[Records excerpted from a collection]
———

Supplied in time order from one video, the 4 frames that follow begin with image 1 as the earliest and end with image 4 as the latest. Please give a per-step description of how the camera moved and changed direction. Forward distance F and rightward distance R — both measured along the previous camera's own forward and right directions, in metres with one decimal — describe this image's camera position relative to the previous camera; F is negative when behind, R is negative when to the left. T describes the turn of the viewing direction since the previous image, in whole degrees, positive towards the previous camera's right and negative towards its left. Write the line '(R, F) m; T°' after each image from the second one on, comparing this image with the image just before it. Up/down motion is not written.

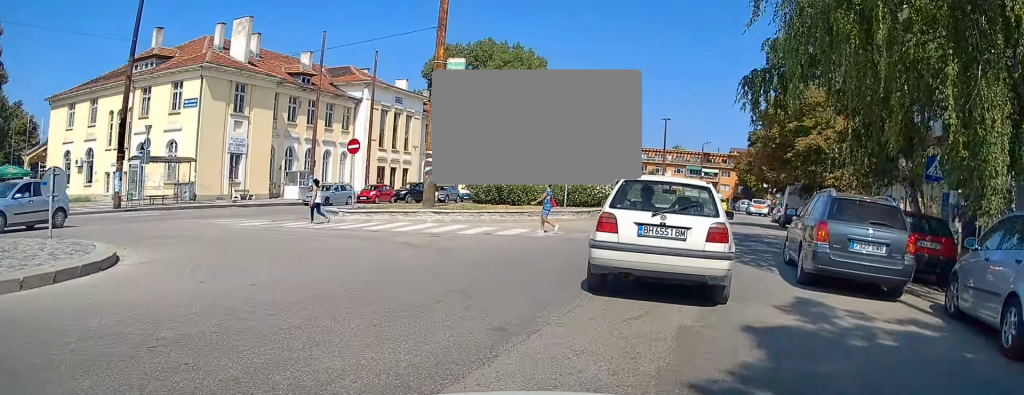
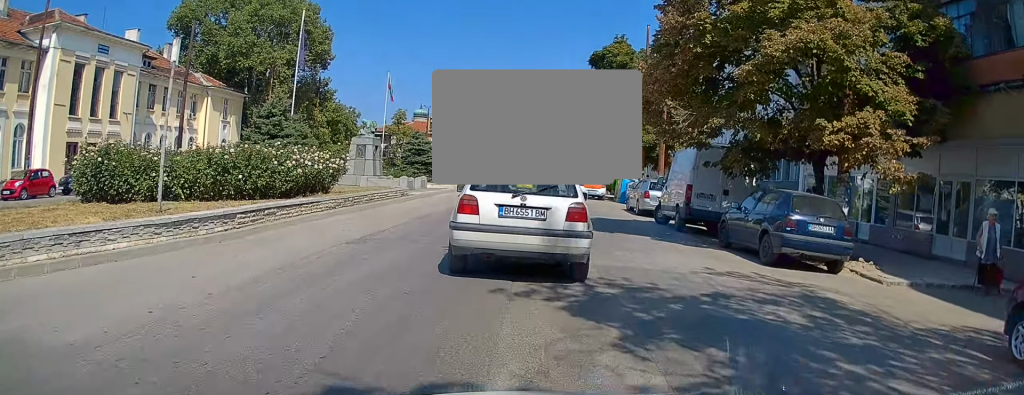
(+3.2, +19.9) m; +14°
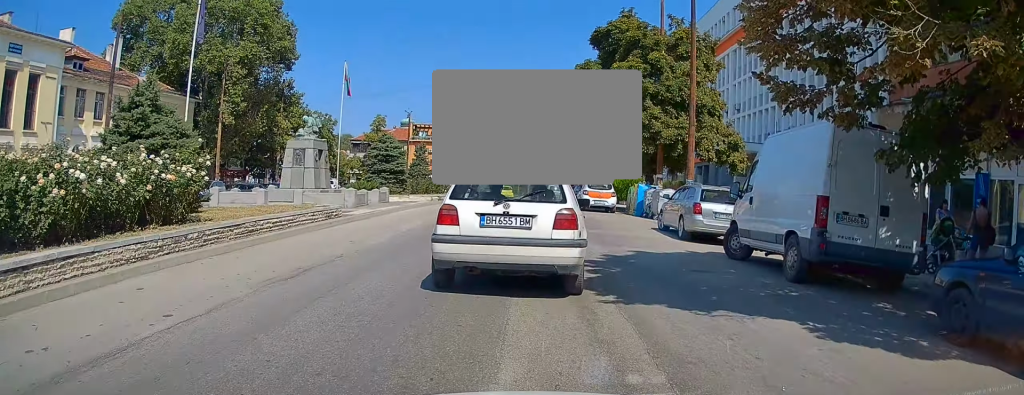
(0.0, +9.7) m; +1°
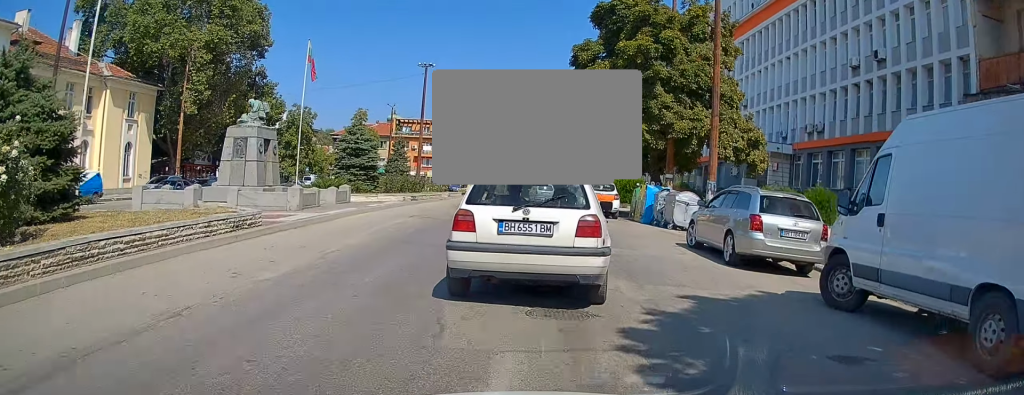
(+0.1, +5.4) m; +2°
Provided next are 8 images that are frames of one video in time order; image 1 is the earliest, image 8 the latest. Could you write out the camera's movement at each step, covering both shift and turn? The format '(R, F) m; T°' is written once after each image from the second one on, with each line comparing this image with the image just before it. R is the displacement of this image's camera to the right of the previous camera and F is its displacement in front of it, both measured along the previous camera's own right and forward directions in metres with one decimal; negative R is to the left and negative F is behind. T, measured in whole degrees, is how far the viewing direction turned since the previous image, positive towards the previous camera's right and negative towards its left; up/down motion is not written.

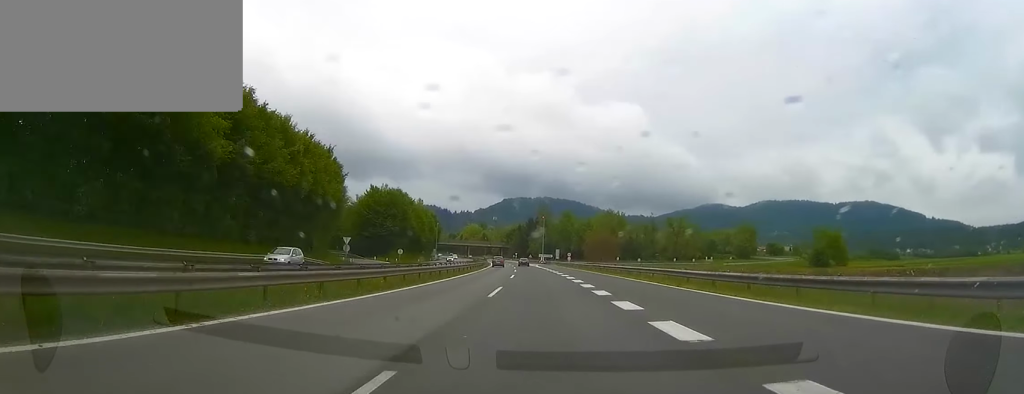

———

** Exercise **
The reply should contain all of the data above, word for word, with no pictures.

** Response to the task **
Supplied in time order from one video, the 4 frames that follow begin with image 1 as the earliest and end with image 4 as the latest. Please give a per-step description of how the camera moved and changed direction. Forward distance F and rightward distance R — both measured along the previous camera's own forward and right directions, in metres with one decimal — describe this image's camera position relative to the previous camera; F is negative when behind, R is negative when to the left. T describes the turn of the viewing direction since the previous image, in whole degrees, positive towards the previous camera's right and negative towards its left. Write the line '(R, F) m; T°' after each image from the second one on, comparing this image with the image just before it. Up/down motion is not written.

(+3.2, +19.9) m; +14°
(0.0, +9.7) m; +1°
(+0.1, +5.4) m; +2°
Provided next are 8 images that are frames of one video in time order; image 1 is the earliest, image 8 the latest. Could you write out the camera's movement at each step, covering both shift and turn? The format '(R, F) m; T°' is written once after each image from the second one on, with each line comparing this image with the image just before it. R is the displacement of this image's camera to the right of the previous camera and F is its displacement in front of it, both measured along the previous camera's own right and forward directions in metres with one decimal; negative R is to the left and negative F is behind. T, measured in whole degrees, is how far the viewing direction turned since the previous image, positive towards the previous camera's right and negative towards its left; up/down motion is not written.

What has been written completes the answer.